No let up in Russian authorities' harassment of civil society


On 2nd October, the international branch of the human rights group Memorial was designated a 'foreign agent' by the Justice Ministry of the Russian Federation. Despite the designation, the group has vowed to appeal the decision in court. As previously covered on the CIVICUS Monitor, a register of 'foreign agents' forms part of the state's broader clampdown on independent civil society and is intended to starve groups of foreign aid and alienate domestic civil society from international cooperation. There were reports in September that the International Memorial Society's offices had been unexpectedly visited by Russian authorities. In a statement, Memorial's Executive Director Elena Zhemkova said: 

'This law is not legal and it's immoral. It determines in advance that if you receive foreign funding you are a foreign agent - regardless of why you received it and what the legal basis is. And it completely rejects the presumption of innocence, which is a key, basic cornerstone of the legal system.'

Reports allege that Russian authorities opened an investigation into several prominent human rights organisations after the pro-government Anti-Maidan Movement questioned their compliance with the Law on Foreign Agents. Memorial was amongst a group of NGOs accused of collaborating with the Open Society Foundations, an organisation funded by Hungarian-American billionaire George Soros, and which is also banned as an undesirable organisation in Russia. 

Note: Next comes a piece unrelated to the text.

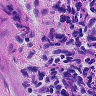
Metastatic tissue present: no
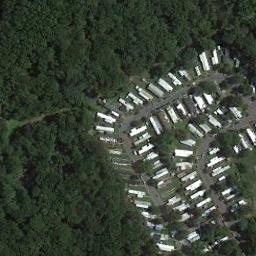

As the crackdown on independent dissent expands, on 2nd November Amnesty International’s Moscow Office was unexpectedly sealed by authorities. Staff arrived at the building to find the locks and alarm system had been removed and the electricity turned off. The building, which belongs to the city's municipal authorities, said that no one could gain entrance unless accompanied by an official. While the reasoning behind this unwarranted harassment remains unclear, it is illustrative of the intimidatory tactics employed by Russian authorities against independent civil society. After over two weeks, on 18th November the office was reopened.

Peaceful Assembly

Russian authorities' decision to enhance restrictions on protest rights after the 'Snow Revolution' in 2011-13 was widely condemned as an attempt to curtail popular uprisings in Russia. In the context of a tightening of an already burdensome framework, on 4th October the European Court of Human Rights awarded compensation to a protester who was unlawfully detained by Russian authorities. Yaroslav Belousov was awarded 12,500 euros from the Russian Federation for unlawful detention, mistreatment in detention, unfair trial, and denial of freedom of peaceful assembly. Belousov's victory against the Russian state has been seen by many as a triumph over aggressive state machinery and an important landmark in the battle to improve Russia's poor human rights record.

In another positive development, on 5th October Russia's Supreme Court annulled the records of arrest, conviction, and sentence of another two activists. Ilya Gushchin and Artyom Savelov, who also demonstrated against President Vladimir Putin's reelection on Moscow's Bolotnaya Square in 2012, had their criminal convictions wiped after the court ruling. While the ruling was broadly welcomed by civil society, over 400 people were detained and several dozen prosecuted in arrests during and after the period of protest; meaning many more are still awaiting justice. The video below illustrates the intensity of the protest and the response of the security forces.

On 20th November, people in Kirov organised pickets against the war in Syria and Ukraine. The action was coordinated by the regional office of PARNAS (The People's Freedom Party, Russia). Demonstrators held placards asking Russian authorities to stop pursuing aggressive foreign policy objectives and to cease military involvement Syria and in Eastern Ukraine. Many demonstrators voiced objections to Russia's role in the killing of civilians and Russian soldiers through conflict.

In the Astrakhan region, a mass rally was organised against the economic policy of the Putin administration. On 14th November, around a thousand veterans gathered in October Square, to express dissatisfaction at the government's decision to remove their social benefits and to demand the resignation of the regional government. While the protest was sparked by access to state provisions, many have noted it was the largest anti-government gathering in the city since the Spring of 2012.


There has been a worrying increase in racially-motivated attacks in Russia of late. In October, four people in the Moscow and Omsk regions were targetted in racist attacks and one person died as a result. Racial intolerance remains a serious issue in Russia. Civic group the Data Center for Information and Analysis (SOVA) has documented that 5 people have been killed and 47 injured in racist violence in 2016 alone. In addition, at least three people have also received death threats. SOVA's work on xenophobia and racially-motivated violence has also recorded the worrying prevalence of hate speech aimed at minorities in Russia. Throughout 2016, 153 sentences have been imposed against 170 people in 60 regions of Russia for inciting racial hatred and for instigating extremist activity. 

On 5th October, Radio Free Europe (Russian Service), reported on a new document adopted by the St. Petersburg city administration. The city reportedly monitors public officials' interaction with foreign entities every three months. According to the content of this new document, officials must complete a special form which includes dates, locations, and purposes of their meetings, with representatives of foreign organisations and companies. 

At the end of September, Ukrainian journalist Roman Sushchenko was detained and charged with espionage in  the Russian Federation. On 1st October, a Moscow court sent him to pretrial detention for two months.